Swallowing Difficulties with Tracheostomy: A Neuro-Rehabilitation Perspective
Swallowing and breathing are complex and highly coordinated functions. These functions depend on well-coordinated work of many organs with larynx and nervous system playing a critical role. Disturbance in one of these functions negatively affects the other. Surgical airways like tracheostomies are required in a number of situations, including but not limited to major head and neck procedures, cases with decreased lung function, excessive bronchial secretions and cases requiring neuro-rehabilitation when prolonged airway is required for mechanical ventilation.
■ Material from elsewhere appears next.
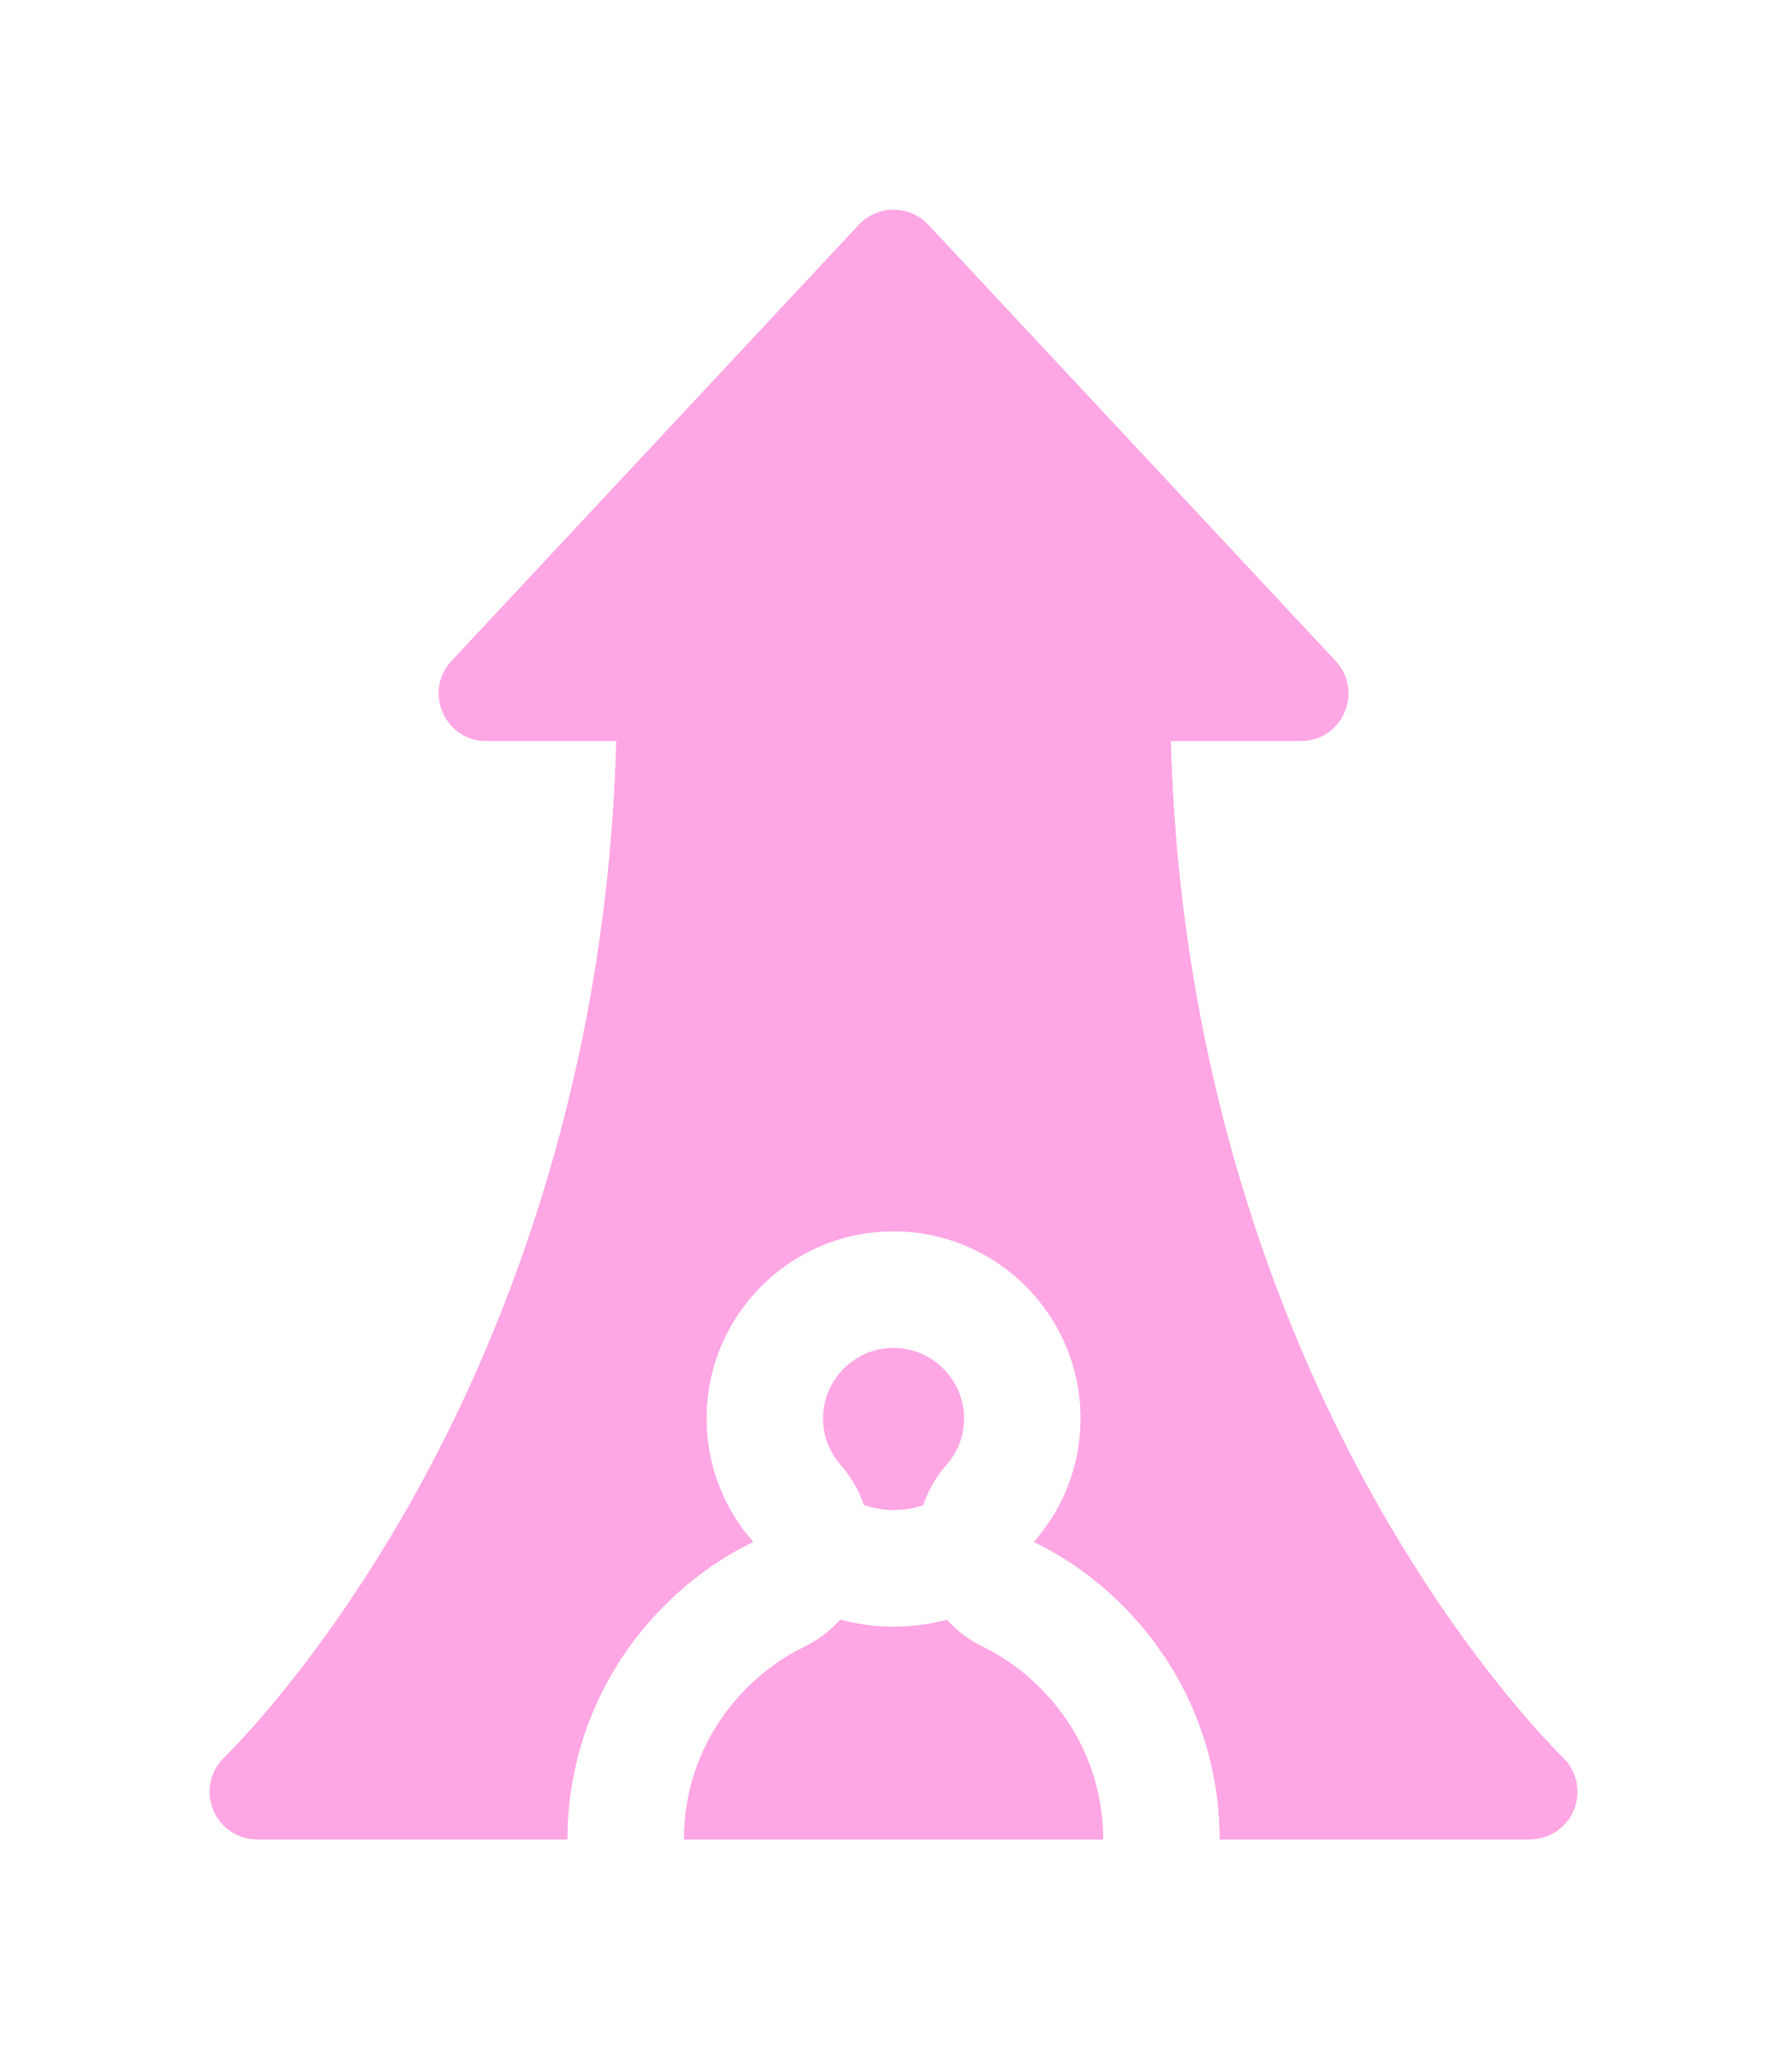 <?xml version="1.0" encoding="UTF-8"?> <svg xmlns="http://www.w3.org/2000/svg" width="77" height="88" viewBox="0 0 77 88" fill="none"><g filter="url(#filter0_d_735_867)"><path d="M38.395 64.945C32.933 64.945 28.489 69.455 28.489 75H48.301C48.301 69.455 43.857 64.945 38.395 64.945Z" fill="#FFA6E4"></path><path d="M38.395 59.945C46.689 59.945 53.301 66.765 53.301 75C53.301 77.761 51.062 80 48.301 80H28.489C25.728 80 23.489 77.761 23.489 75C23.489 66.765 30.102 59.945 38.395 59.945ZM38.395 64.945C32.934 64.945 28.489 69.456 28.489 75H48.301C48.301 69.629 44.131 65.227 38.904 64.957L38.395 64.945Z" fill="white"></path><path d="M42.041 58.432C42.871 56.428 41.92 54.13 39.917 53.3C37.913 52.469 35.615 53.42 34.785 55.423C33.954 57.427 34.905 59.725 36.908 60.556C38.912 61.387 41.21 60.436 42.041 58.432Z" fill="#FFA6E4"></path><path d="M39.917 53.3C37.913 52.469 35.615 53.42 34.784 55.423C33.953 57.427 34.904 59.725 36.908 60.556C38.849 61.361 41.066 60.493 41.958 58.617L42.041 58.432C42.845 56.491 41.978 54.274 40.101 53.382L39.917 53.3ZM41.832 48.681C46.386 50.569 48.548 55.793 46.659 60.347C44.83 64.76 39.87 66.926 35.422 65.34L34.993 65.175L34.573 64.988C30.307 62.96 28.336 57.92 30.166 53.508L30.352 53.089C32.38 48.823 37.419 46.851 41.832 48.681Z" fill="white"></path><path d="M67.149 71.461C67.107 71.421 62.874 67.351 58.701 59.708C55.037 52.995 50.701 42.122 50.317 27.832H55.895C57.685 27.832 58.615 25.689 57.393 24.381L39.893 5.651C39.701 5.445 39.469 5.282 39.212 5.17C38.954 5.058 38.676 5 38.395 5C38.114 5 37.836 5.058 37.578 5.17C37.32 5.282 37.088 5.445 36.896 5.651L19.396 24.381C18.174 25.689 19.105 27.832 20.895 27.832H26.473C26.088 42.122 21.752 52.995 18.088 59.708C13.916 67.351 9.682 71.421 9.642 71.459C9.344 71.741 9.137 72.106 9.048 72.507C8.96 72.907 8.994 73.326 9.145 73.707C9.297 74.089 9.56 74.416 9.9 74.646C10.239 74.877 10.64 75 11.051 75H24.387C24.387 71.256 25.84 67.716 28.478 65.033C29.631 63.859 30.949 62.915 32.376 62.222C31.127 60.806 30.366 58.948 30.366 56.916C30.366 52.488 33.968 48.886 38.395 48.886C42.822 48.886 46.424 52.488 46.424 56.916C46.424 58.948 45.663 60.806 44.413 62.222C45.841 62.915 47.158 63.859 48.312 65.033C50.949 67.716 52.402 71.256 52.402 75H65.739C66.148 74.999 66.549 74.876 66.888 74.646C67.227 74.416 67.49 74.09 67.642 73.709C67.794 73.328 67.828 72.91 67.74 72.509C67.652 72.109 67.447 71.743 67.149 71.461Z" fill="#FFA6E4"></path><path d="M38.395 0C39.24 0 40.078 0.152 40.867 0.447L41.203 0.583L41.531 0.735C42.179 1.057 42.772 1.477 43.292 1.979L43.546 2.236L43.547 2.237L61.047 20.968C65.254 25.471 62.058 32.832 55.895 32.832H55.644C56.736 43.64 60.163 51.95 63.09 57.312C66.47 63.504 69.856 67.084 70.493 67.734L70.59 67.833L70.596 67.838L70.783 68.023C71.703 68.966 72.342 70.149 72.624 71.439C72.926 72.816 72.808 74.251 72.286 75.56V75.561C71.764 76.871 70.861 77.993 69.695 78.784C68.528 79.575 67.151 79.999 65.741 80H52.403C49.641 80 47.403 77.761 47.403 75C47.403 72.726 46.582 70.577 45.06 68.873L44.746 68.538C43.988 67.767 43.137 67.16 42.23 66.72C40.824 66.037 39.818 64.736 39.511 63.204C39.204 61.672 39.631 60.085 40.665 58.913C41.145 58.37 41.424 57.676 41.424 56.915C41.424 55.249 40.06 53.887 38.395 53.887C36.729 53.887 35.366 55.249 35.365 56.915C35.365 57.676 35.646 58.37 36.125 58.913C37.159 60.085 37.587 61.672 37.279 63.204C36.972 64.736 35.966 66.037 34.561 66.72C33.654 67.16 32.801 67.767 32.043 68.538C30.32 70.291 29.388 72.575 29.388 75C29.388 77.761 27.149 80 24.388 80H11.051V79.999C9.64 79.999 8.261 79.576 7.093 78.784C5.925 77.992 5.021 76.867 4.499 75.556C3.977 74.244 3.862 72.806 4.166 71.428L4.228 71.171C4.56 69.897 5.243 68.739 6.201 67.831C6.419 67.614 10.063 63.975 13.699 57.312C16.626 51.95 20.053 43.64 21.146 32.832H20.895C14.732 32.832 11.536 25.471 15.743 20.968L33.243 2.237V2.236C33.903 1.531 34.701 0.968 35.587 0.583L35.922 0.447C36.712 0.152 37.549 1.9005e-05 38.395 0ZM46.424 56.915C46.424 58.948 45.663 60.806 44.413 62.222C45.841 62.915 47.158 63.859 48.312 65.033C50.949 67.716 52.403 71.256 52.403 75H65.739C66.097 75 66.448 74.905 66.758 74.728L66.888 74.647C67.185 74.445 67.424 74.17 67.58 73.849L67.642 73.709C67.794 73.328 67.828 72.91 67.74 72.51C67.653 72.109 67.447 71.744 67.15 71.461C67.109 71.422 63.135 67.602 59.093 60.414L58.701 59.708C55.037 52.995 50.701 42.122 50.317 27.832H55.895L56.06 27.825C57.687 27.703 58.523 25.778 57.502 24.506L57.394 24.381L39.894 5.65C39.702 5.445 39.47 5.282 39.212 5.17C38.954 5.058 38.676 5 38.395 5C38.114 5 37.836 5.058 37.578 5.17C37.321 5.282 37.089 5.445 36.897 5.65L19.397 24.381C18.213 25.648 19.049 27.698 20.73 27.825L20.895 27.832H26.473C26.088 42.122 21.752 52.995 18.088 59.708L17.697 60.414C13.657 67.597 9.686 71.418 9.643 71.459L9.534 71.568C9.294 71.833 9.126 72.156 9.048 72.507C8.96 72.908 8.994 73.326 9.146 73.707C9.297 74.088 9.56 74.416 9.9 74.647C10.239 74.877 10.64 75 11.051 75H24.388C24.388 71.256 25.84 67.716 28.478 65.033C29.631 63.86 30.949 62.915 32.376 62.222C31.126 60.806 30.365 58.948 30.365 56.915C30.366 52.488 33.968 48.887 38.395 48.887L38.808 48.897C43.044 49.112 46.424 52.627 46.424 56.915Z" fill="white"></path></g><defs><filter id="filter0_d_735_867" x="0" y="0" width="76.787" height="88" filterUnits="userSpaceOnUse" color-interpolation-filters="sRGB"><feFlood flood-opacity="0" result="BackgroundImageFix"></feFlood><feColorMatrix in="SourceAlpha" type="matrix" values="0 0 0 0 0 0 0 0 0 0 0 0 0 0 0 0 0 0 127 0" result="hardAlpha"></feColorMatrix><feOffset dy="4"></feOffset><feGaussianBlur stdDeviation="2"></feGaussianBlur><feComposite in2="hardAlpha" operator="out"></feComposite><feColorMatrix type="matrix" values="0 0 0 0 0 0 0 0 0 0 0 0 0 0 0 0 0 0 0.15 0"></feColorMatrix><feBlend mode="normal" in2="BackgroundImageFix" result="effect1_dropShadow_735_867"></feBlend><feBlend mode="normal" in="SourceGraphic" in2="effect1_dropShadow_735_867" result="shape"></feBlend></filter></defs></svg>

Extensive neuro-rehabilitation is required since patients with surgical airway may develop swallowing difficulties including dysphagia and/or aspiration with a very high prevalence, which can pose a threat to life. This article reviews the current status of the diagnostic and therapeutic modalities for swallowing difficulties with special emphasis on current neuro-rehabilitative strategies. Electronic databases including Medline, Web-of-science, Cochrane Library, and Google scholar were used for literature search. Downloaded articles were subsequently assessed independently by two researchers to determine suitability for inclusion in the study.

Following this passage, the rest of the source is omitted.